**TASK BRIEF**
From the first line of the entries below through the line bearing "Faces by surface", write out each line exactly. Omit pictures.

**RECORDS**
%%

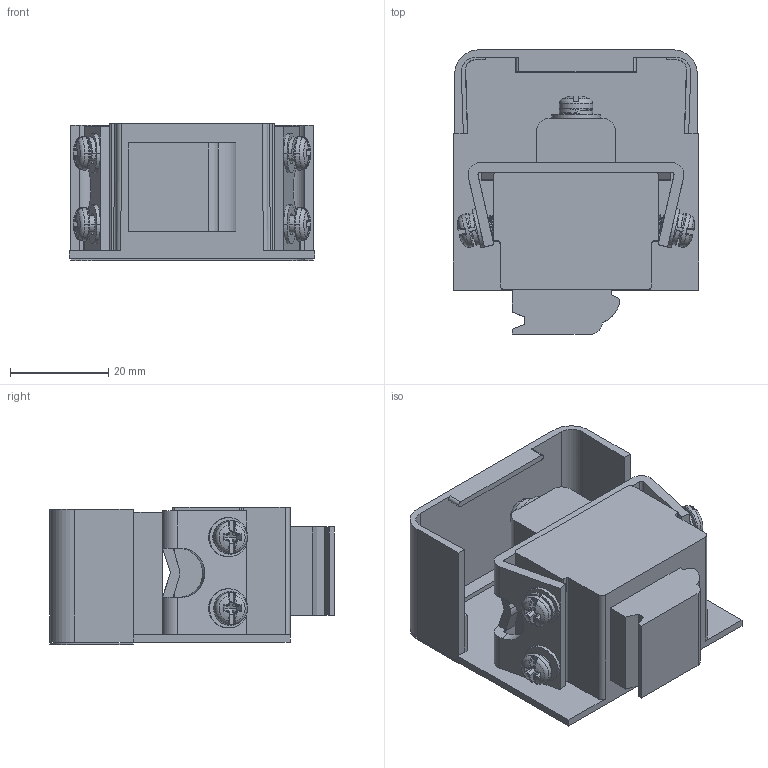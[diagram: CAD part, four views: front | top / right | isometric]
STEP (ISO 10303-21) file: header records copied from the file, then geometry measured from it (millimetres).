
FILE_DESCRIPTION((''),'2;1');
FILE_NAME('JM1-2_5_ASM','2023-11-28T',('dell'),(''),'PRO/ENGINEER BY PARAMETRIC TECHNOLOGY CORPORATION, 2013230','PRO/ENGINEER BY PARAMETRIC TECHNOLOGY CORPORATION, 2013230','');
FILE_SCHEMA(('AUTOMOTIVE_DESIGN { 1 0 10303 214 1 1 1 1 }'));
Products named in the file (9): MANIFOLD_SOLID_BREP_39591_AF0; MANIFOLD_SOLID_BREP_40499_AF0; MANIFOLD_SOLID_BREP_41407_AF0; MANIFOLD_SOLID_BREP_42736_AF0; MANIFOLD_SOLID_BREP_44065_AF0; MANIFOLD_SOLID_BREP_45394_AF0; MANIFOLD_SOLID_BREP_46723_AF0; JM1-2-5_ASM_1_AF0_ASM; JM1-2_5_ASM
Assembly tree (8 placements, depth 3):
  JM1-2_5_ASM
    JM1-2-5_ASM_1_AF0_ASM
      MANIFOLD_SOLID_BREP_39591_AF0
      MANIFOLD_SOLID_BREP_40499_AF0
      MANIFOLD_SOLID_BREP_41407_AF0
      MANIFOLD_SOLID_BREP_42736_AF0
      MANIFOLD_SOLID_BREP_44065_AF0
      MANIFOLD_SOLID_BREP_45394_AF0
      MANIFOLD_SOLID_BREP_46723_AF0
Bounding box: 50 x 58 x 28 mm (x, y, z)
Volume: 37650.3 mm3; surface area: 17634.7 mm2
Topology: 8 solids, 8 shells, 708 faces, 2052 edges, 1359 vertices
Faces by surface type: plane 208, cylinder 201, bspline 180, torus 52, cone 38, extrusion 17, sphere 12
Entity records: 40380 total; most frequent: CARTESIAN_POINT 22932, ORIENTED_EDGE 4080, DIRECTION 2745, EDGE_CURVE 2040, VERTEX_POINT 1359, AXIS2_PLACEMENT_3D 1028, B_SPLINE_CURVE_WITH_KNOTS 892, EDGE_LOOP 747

%%

**RESPONSE TO THE TASK**
[diagram: CAD part, four views: front | top / right | isometric]
STEP (ISO 10303-21) file: header records copied from the file, then geometry measured from it (millimetres).
FILE_DESCRIPTION((''),'2;1');
FILE_NAME('JM1-2_5_ASM','2023-11-28T',('dell'),(''),'PRO/ENGINEER BY PARAMETRIC TECHNOLOGY CORPORATION, 2013230','PRO/ENGINEER BY PARAMETRIC TECHNOLOGY CORPORATION, 2013230','');
FILE_SCHEMA(('AUTOMOTIVE_DESIGN { 1 0 10303 214 1 1 1 1 }'));
Products named in the file (9): MANIFOLD_SOLID_BREP_39591_AF0; MANIFOLD_SOLID_BREP_40499_AF0; MANIFOLD_SOLID_BREP_41407_AF0; MANIFOLD_SOLID_BREP_42736_AF0; MANIFOLD_SOLID_BREP_44065_AF0; MANIFOLD_SOLID_BREP_45394_AF0; MANIFOLD_SOLID_BREP_46723_AF0; JM1-2-5_ASM_1_AF0_ASM; JM1-2_5_ASM
Assembly tree (8 placements, depth 3):
  JM1-2_5_ASM
    JM1-2-5_ASM_1_AF0_ASM
      MANIFOLD_SOLID_BREP_39591_AF0
      MANIFOLD_SOLID_BREP_40499_AF0
      MANIFOLD_SOLID_BREP_41407_AF0
      MANIFOLD_SOLID_BREP_42736_AF0
      MANIFOLD_SOLID_BREP_44065_AF0
      MANIFOLD_SOLID_BREP_45394_AF0
      MANIFOLD_SOLID_BREP_46723_AF0
Bounding box: 50 x 58 x 28 mm (x, y, z)
Volume: 37650.3 mm3; surface area: 17634.7 mm2
Topology: 8 solids, 8 shells, 708 faces, 2052 edges, 1359 vertices
Faces by surface type: plane 208, cylinder 201, bspline 180, torus 52, cone 38, extrusion 17, sphere 12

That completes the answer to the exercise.